• Work required:
Reprint every line of the data, keeping each character intact.

• Given data:
^^^^^^^^^^^^^^^^
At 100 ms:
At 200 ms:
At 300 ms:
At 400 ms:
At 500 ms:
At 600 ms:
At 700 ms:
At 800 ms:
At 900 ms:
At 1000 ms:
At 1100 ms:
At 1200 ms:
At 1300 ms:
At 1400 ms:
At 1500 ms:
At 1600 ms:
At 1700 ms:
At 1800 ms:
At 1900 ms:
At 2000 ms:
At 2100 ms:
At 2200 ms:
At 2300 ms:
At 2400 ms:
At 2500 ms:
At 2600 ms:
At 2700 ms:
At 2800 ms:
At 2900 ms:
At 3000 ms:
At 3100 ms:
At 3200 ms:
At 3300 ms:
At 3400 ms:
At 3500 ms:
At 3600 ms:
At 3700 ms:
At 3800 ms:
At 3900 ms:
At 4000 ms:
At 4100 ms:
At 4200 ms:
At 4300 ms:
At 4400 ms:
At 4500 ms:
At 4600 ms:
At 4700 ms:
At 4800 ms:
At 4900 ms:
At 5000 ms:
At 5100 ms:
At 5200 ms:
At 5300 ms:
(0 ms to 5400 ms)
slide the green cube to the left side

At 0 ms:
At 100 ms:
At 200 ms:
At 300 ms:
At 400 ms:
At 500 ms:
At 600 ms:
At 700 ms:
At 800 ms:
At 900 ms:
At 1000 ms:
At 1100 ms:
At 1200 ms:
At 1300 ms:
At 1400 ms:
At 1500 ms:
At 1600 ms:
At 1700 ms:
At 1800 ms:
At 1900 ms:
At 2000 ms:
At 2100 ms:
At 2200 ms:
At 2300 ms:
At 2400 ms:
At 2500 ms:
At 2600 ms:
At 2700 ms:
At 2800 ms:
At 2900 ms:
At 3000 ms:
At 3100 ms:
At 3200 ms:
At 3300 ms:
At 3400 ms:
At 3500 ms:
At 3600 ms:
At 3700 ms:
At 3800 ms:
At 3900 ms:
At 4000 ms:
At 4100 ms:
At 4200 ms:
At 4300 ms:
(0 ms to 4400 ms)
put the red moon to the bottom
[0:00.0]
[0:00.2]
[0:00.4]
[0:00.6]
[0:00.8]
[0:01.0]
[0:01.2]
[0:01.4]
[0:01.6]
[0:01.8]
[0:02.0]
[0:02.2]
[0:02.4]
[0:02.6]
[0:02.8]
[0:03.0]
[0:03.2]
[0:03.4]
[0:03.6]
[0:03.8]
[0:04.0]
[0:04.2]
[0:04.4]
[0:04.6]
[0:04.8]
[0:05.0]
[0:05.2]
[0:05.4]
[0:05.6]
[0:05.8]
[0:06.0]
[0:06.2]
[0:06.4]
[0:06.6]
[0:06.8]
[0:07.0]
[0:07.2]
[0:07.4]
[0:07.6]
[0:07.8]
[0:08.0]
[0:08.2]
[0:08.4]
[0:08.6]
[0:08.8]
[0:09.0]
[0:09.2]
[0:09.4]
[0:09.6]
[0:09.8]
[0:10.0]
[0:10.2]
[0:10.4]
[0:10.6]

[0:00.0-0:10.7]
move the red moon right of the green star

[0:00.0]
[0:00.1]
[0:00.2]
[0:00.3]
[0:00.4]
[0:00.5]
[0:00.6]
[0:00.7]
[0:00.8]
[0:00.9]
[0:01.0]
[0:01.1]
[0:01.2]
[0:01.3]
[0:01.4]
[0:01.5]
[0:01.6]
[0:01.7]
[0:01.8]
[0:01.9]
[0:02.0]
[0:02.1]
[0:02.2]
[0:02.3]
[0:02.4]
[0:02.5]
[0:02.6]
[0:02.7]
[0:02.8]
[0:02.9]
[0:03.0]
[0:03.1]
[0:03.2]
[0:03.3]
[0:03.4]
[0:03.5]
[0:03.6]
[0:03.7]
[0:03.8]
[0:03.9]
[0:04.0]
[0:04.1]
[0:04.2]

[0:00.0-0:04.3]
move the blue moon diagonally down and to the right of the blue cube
^^^^^^^^^^^^^^^^
• Exercise response:
At 100 ms:
At 200 ms:
At 300 ms:
At 400 ms:
At 500 ms:
At 600 ms:
At 700 ms:
At 800 ms:
At 900 ms:
At 1000 ms:
At 1100 ms:
At 1200 ms:
At 1300 ms:
At 1400 ms:
At 1500 ms:
At 1600 ms:
At 1700 ms:
At 1800 ms:
At 1900 ms:
At 2000 ms:
At 2100 ms:
At 2200 ms:
At 2300 ms:
At 2400 ms:
At 2500 ms:
At 2600 ms:
At 2700 ms:
At 2800 ms:
At 2900 ms:
At 3000 ms:
At 3100 ms:
At 3200 ms:
At 3300 ms:
At 3400 ms:
At 3500 ms:
At 3600 ms:
At 3700 ms:
At 3800 ms:
At 3900 ms:
At 4000 ms:
At 4100 ms:
At 4200 ms:
At 4300 ms:
At 4400 ms:
At 4500 ms:
At 4600 ms:
At 4700 ms:
At 4800 ms:
At 4900 ms:
At 5000 ms:
At 5100 ms:
At 5200 ms:
At 5300 ms:
(0 ms to 5400 ms)
slide the green cube to the left side

At 0 ms:
At 100 ms:
At 200 ms:
At 300 ms:
At 400 ms:
At 500 ms:
At 600 ms:
At 700 ms:
At 800 ms:
At 900 ms:
At 1000 ms:
At 1100 ms:
At 1200 ms:
At 1300 ms:
At 1400 ms:
At 1500 ms:
At 1600 ms:
At 1700 ms:
At 1800 ms:
At 1900 ms:
At 2000 ms:
At 2100 ms:
At 2200 ms:
At 2300 ms:
At 2400 ms:
At 2500 ms:
At 2600 ms:
At 2700 ms:
At 2800 ms:
At 2900 ms:
At 3000 ms:
At 3100 ms:
At 3200 ms:
At 3300 ms:
At 3400 ms:
At 3500 ms:
At 3600 ms:
At 3700 ms:
At 3800 ms:
At 3900 ms:
At 4000 ms:
At 4100 ms:
At 4200 ms:
At 4300 ms:
(0 ms to 4400 ms)
put the red moon to the bottom
[0:00.0]
[0:00.2]
[0:00.4]
[0:00.6]
[0:00.8]
[0:01.0]
[0:01.2]
[0:01.4]
[0:01.6]
[0:01.8]
[0:02.0]
[0:02.2]
[0:02.4]
[0:02.6]
[0:02.8]
[0:03.0]
[0:03.2]
[0:03.4]
[0:03.6]
[0:03.8]
[0:04.0]
[0:04.2]
[0:04.4]
[0:04.6]
[0:04.8]
[0:05.0]
[0:05.2]
[0:05.4]
[0:05.6]
[0:05.8]
[0:06.0]
[0:06.2]
[0:06.4]
[0:06.6]
[0:06.8]
[0:07.0]
[0:07.2]
[0:07.4]
[0:07.6]
[0:07.8]
[0:08.0]
[0:08.2]
[0:08.4]
[0:08.6]
[0:08.8]
[0:09.0]
[0:09.2]
[0:09.4]
[0:09.6]
[0:09.8]
[0:10.0]
[0:10.2]
[0:10.4]
[0:10.6]

[0:00.0-0:10.7]
move the red moon right of the green star

[0:00.0]
[0:00.1]
[0:00.2]
[0:00.3]
[0:00.4]
[0:00.5]
[0:00.6]
[0:00.7]
[0:00.8]
[0:00.9]
[0:01.0]
[0:01.1]
[0:01.2]
[0:01.3]
[0:01.4]
[0:01.5]
[0:01.6]
[0:01.7]
[0:01.8]
[0:01.9]
[0:02.0]
[0:02.1]
[0:02.2]
[0:02.3]
[0:02.4]
[0:02.5]
[0:02.6]
[0:02.7]
[0:02.8]
[0:02.9]
[0:03.0]
[0:03.1]
[0:03.2]
[0:03.3]
[0:03.4]
[0:03.5]
[0:03.6]
[0:03.7]
[0:03.8]
[0:03.9]
[0:04.0]
[0:04.1]
[0:04.2]

[0:00.0-0:04.3]
move the blue moon diagonally down and to the right of the blue cube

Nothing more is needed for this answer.